Aim of the task -
Pictures are to be left out, but please repeat each record exactly.
○ ○ ○ ○
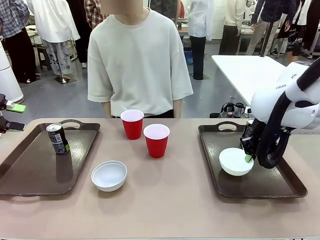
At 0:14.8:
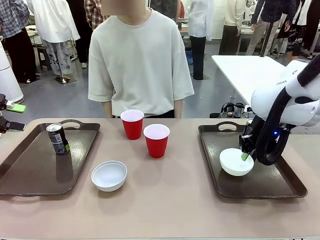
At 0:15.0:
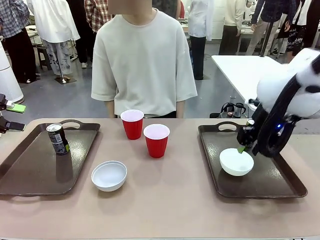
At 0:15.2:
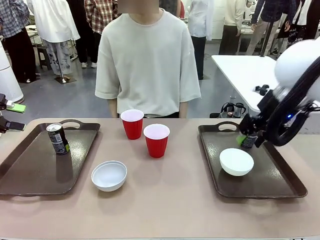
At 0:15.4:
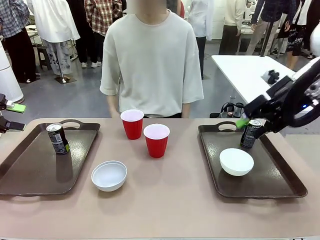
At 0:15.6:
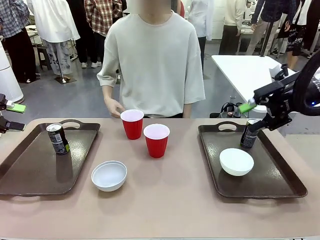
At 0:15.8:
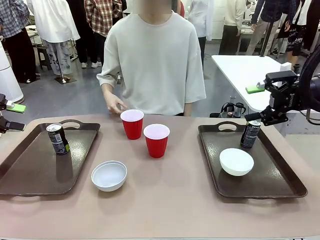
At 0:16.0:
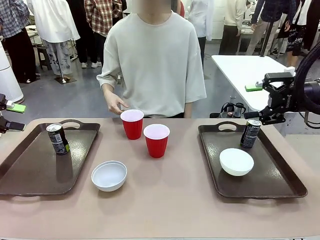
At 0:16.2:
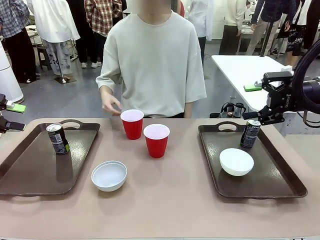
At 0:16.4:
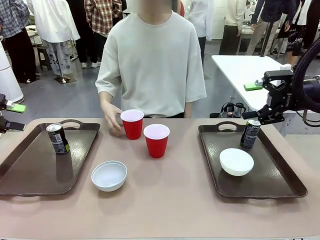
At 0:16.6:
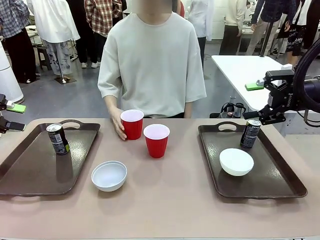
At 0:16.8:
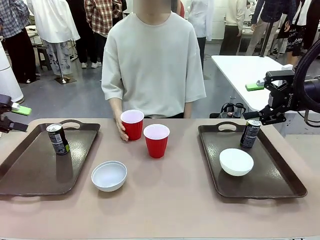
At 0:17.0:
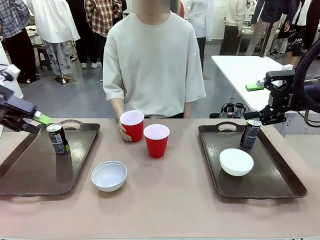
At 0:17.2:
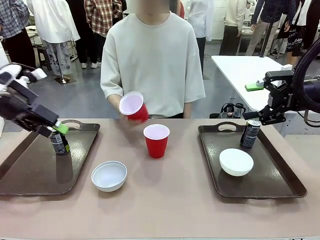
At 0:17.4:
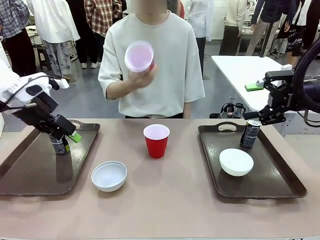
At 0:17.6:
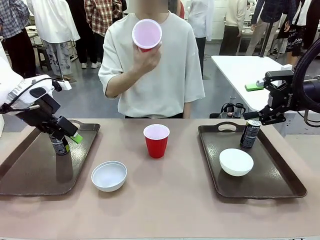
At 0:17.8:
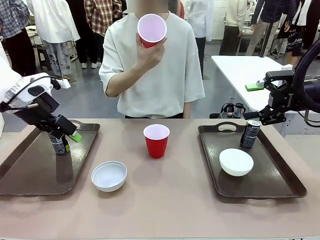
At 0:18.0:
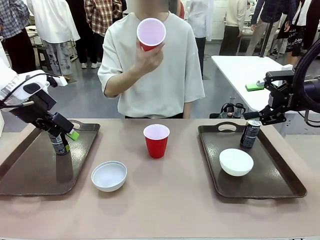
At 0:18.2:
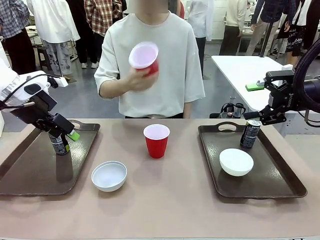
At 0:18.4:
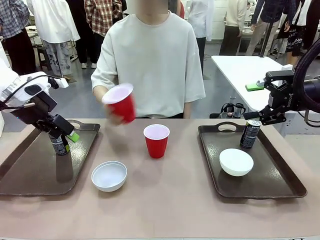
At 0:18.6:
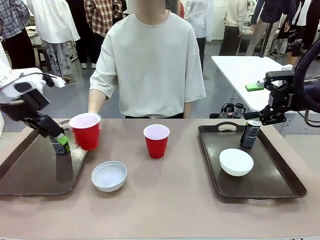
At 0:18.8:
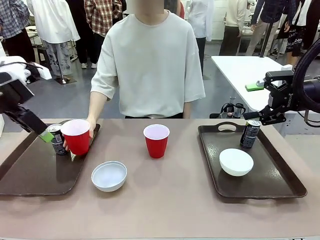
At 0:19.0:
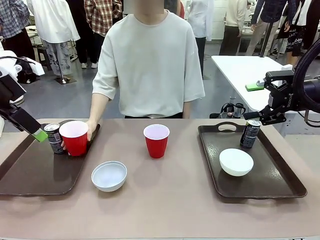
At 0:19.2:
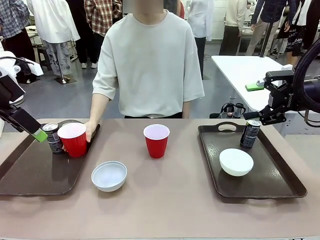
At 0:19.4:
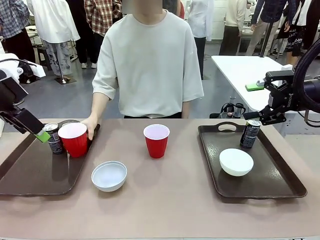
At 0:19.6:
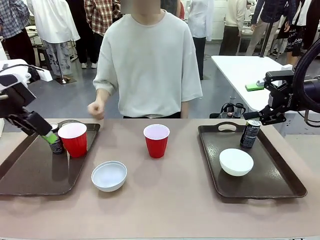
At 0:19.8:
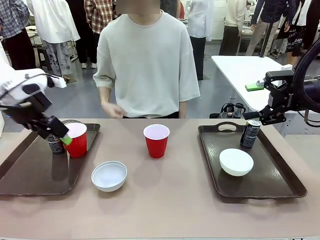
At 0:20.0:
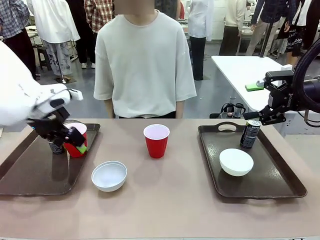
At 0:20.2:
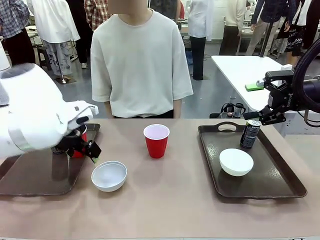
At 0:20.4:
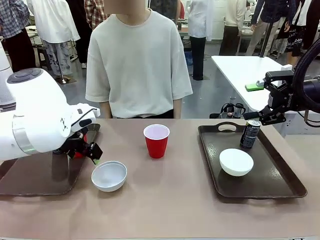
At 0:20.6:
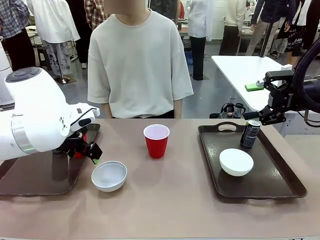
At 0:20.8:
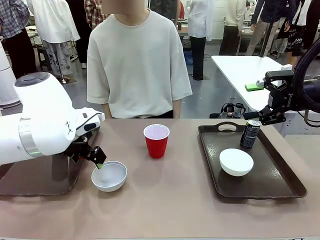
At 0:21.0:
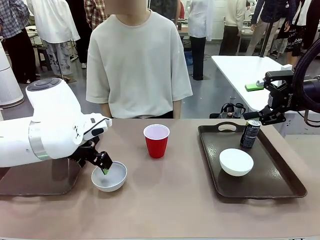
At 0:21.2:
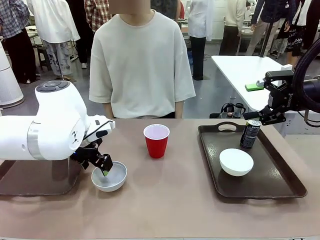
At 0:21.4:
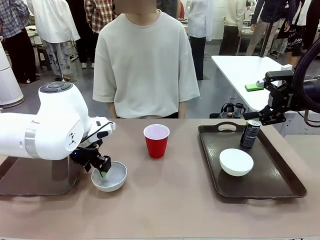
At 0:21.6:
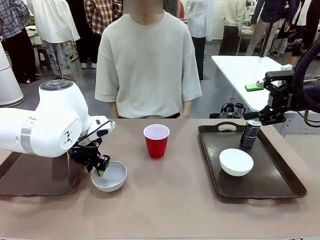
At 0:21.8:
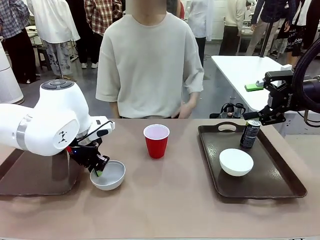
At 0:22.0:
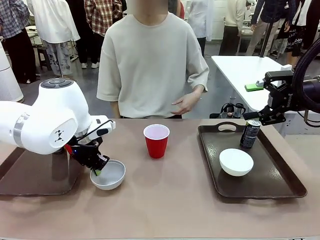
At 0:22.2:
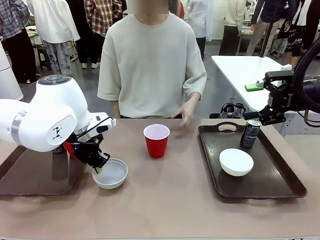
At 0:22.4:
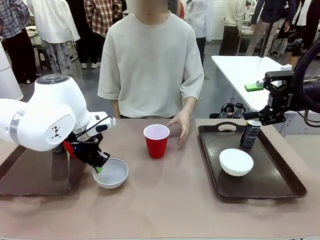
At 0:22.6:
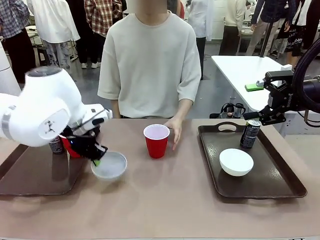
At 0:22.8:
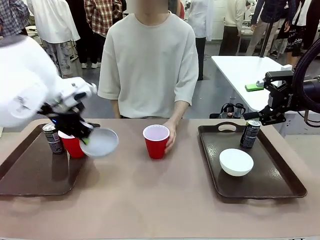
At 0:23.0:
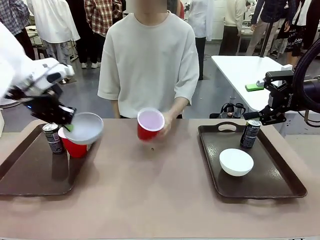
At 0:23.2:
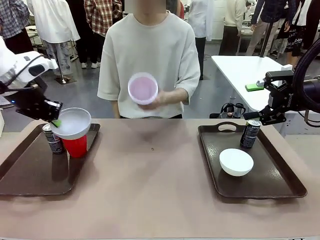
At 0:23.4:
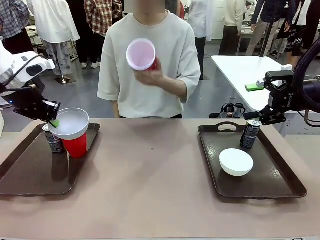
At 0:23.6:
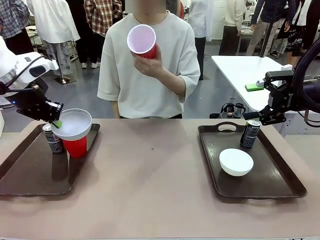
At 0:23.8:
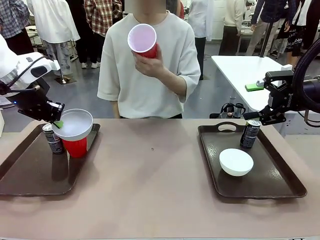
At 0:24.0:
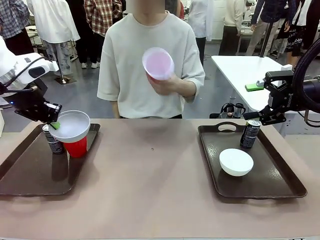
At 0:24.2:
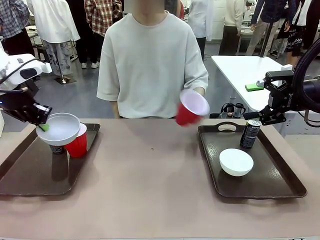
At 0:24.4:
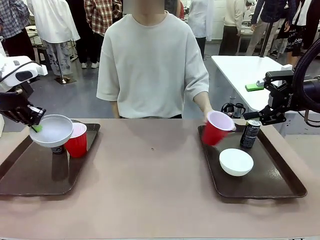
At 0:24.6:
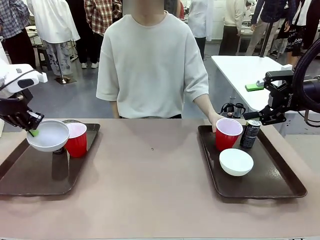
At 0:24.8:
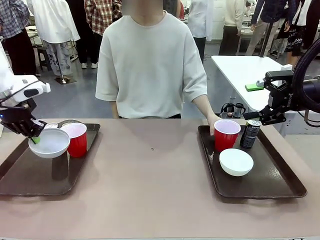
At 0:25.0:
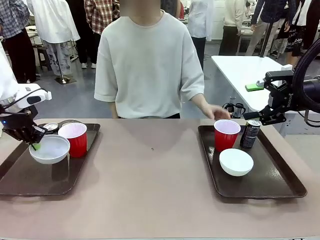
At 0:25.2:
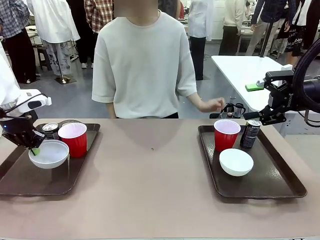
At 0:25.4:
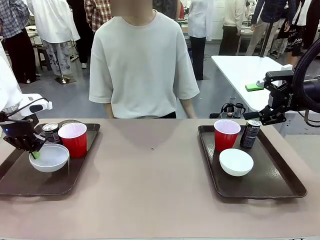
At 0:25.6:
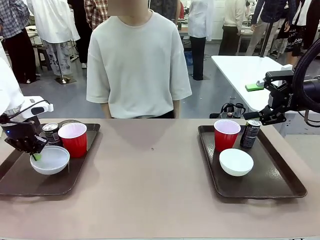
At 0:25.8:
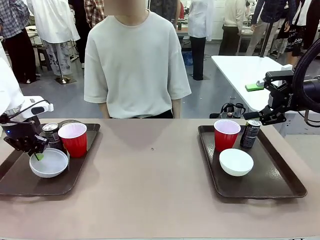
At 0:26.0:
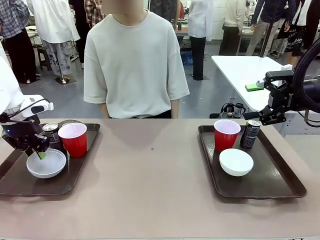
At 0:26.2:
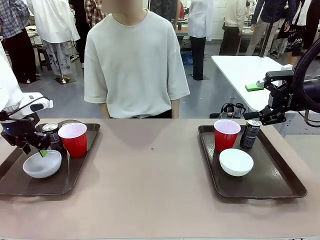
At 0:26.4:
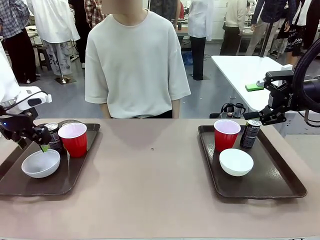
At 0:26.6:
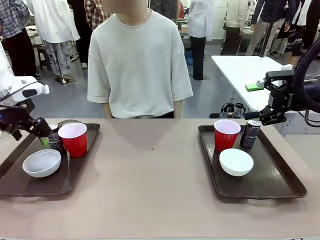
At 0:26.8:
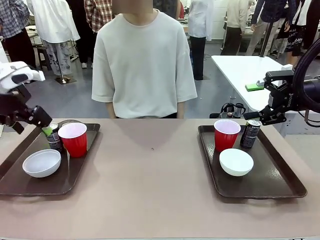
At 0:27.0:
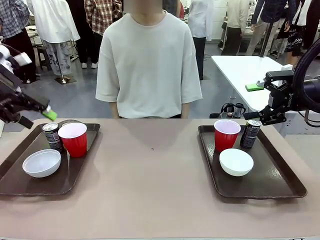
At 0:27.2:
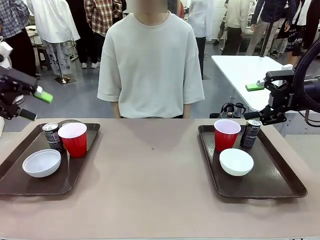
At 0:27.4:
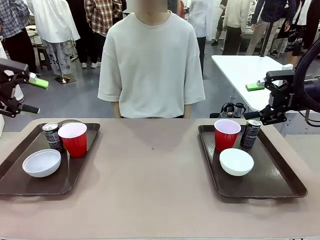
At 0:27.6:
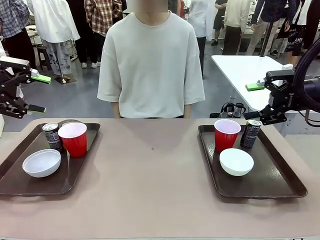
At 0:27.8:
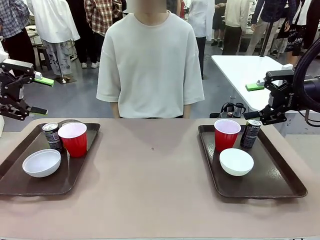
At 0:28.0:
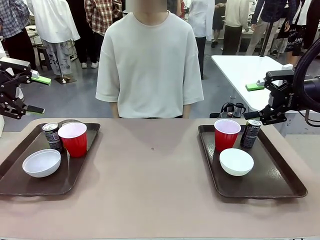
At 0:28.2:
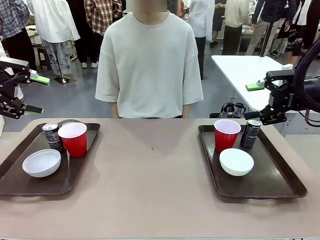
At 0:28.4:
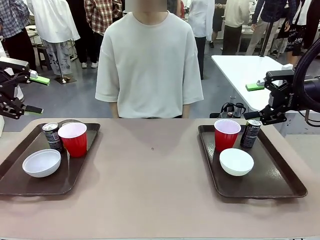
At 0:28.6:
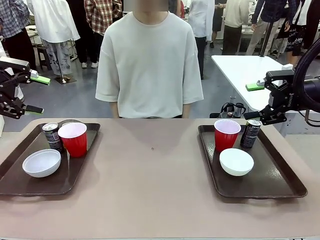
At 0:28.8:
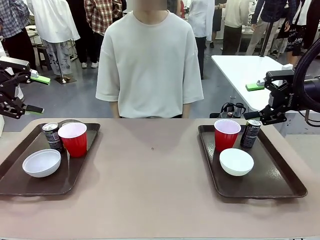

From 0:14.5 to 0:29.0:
Task: Prepare tableware on both trays.
Robot: Pick up a Picnic Bowl from the table and place it on a Handle tray.
Person: Pick up a can or cup and place it on the tray without a can or cup.
○ ○ ○ ○
Exercise answer -
At 0:14.8:
At 0:15.0:
At 0:15.2:
At 0:15.4:
At 0:15.6:
At 0:15.8:
At 0:16.0:
At 0:16.2:
At 0:16.4:
At 0:16.6:
At 0:16.8:
At 0:17.0:
At 0:17.2:
At 0:17.4:
At 0:17.6:
At 0:17.8:
At 0:18.0:
At 0:18.2:
At 0:18.4:
At 0:18.6:
At 0:18.8:
At 0:19.0:
At 0:19.2:
At 0:19.4:
At 0:19.6:
At 0:19.8:
At 0:20.0:
At 0:20.2:
At 0:20.4:
At 0:20.6:
At 0:20.8:
At 0:21.0:
At 0:21.2:
At 0:21.4:
At 0:21.6:
At 0:21.8:
At 0:22.0:
At 0:22.2:
At 0:22.4:
At 0:22.6:
At 0:22.8:
At 0:23.0:
At 0:23.2:
At 0:23.4:
At 0:23.6:
At 0:23.8:
At 0:24.0:
At 0:24.2:
At 0:24.4:
At 0:24.6:
At 0:24.8:
At 0:25.0:
At 0:25.2:
At 0:25.4:
At 0:25.6:
At 0:25.8:
At 0:26.0:
At 0:26.2:
At 0:26.4:
At 0:26.6:
At 0:26.8:
At 0:27.0:
At 0:27.2:
At 0:27.4:
At 0:27.6:
At 0:27.8:
At 0:28.0:
At 0:28.2:
At 0:28.4:
At 0:28.6:
At 0:28.8:

From 0:14.5 to 0:29.0:
Task: Prepare tableware on both trays.
Robot: Pick up a Picnic Bowl from the table and place it on a Handle tray.
Person: Pick up a can or cup and place it on the tray without a can or cup.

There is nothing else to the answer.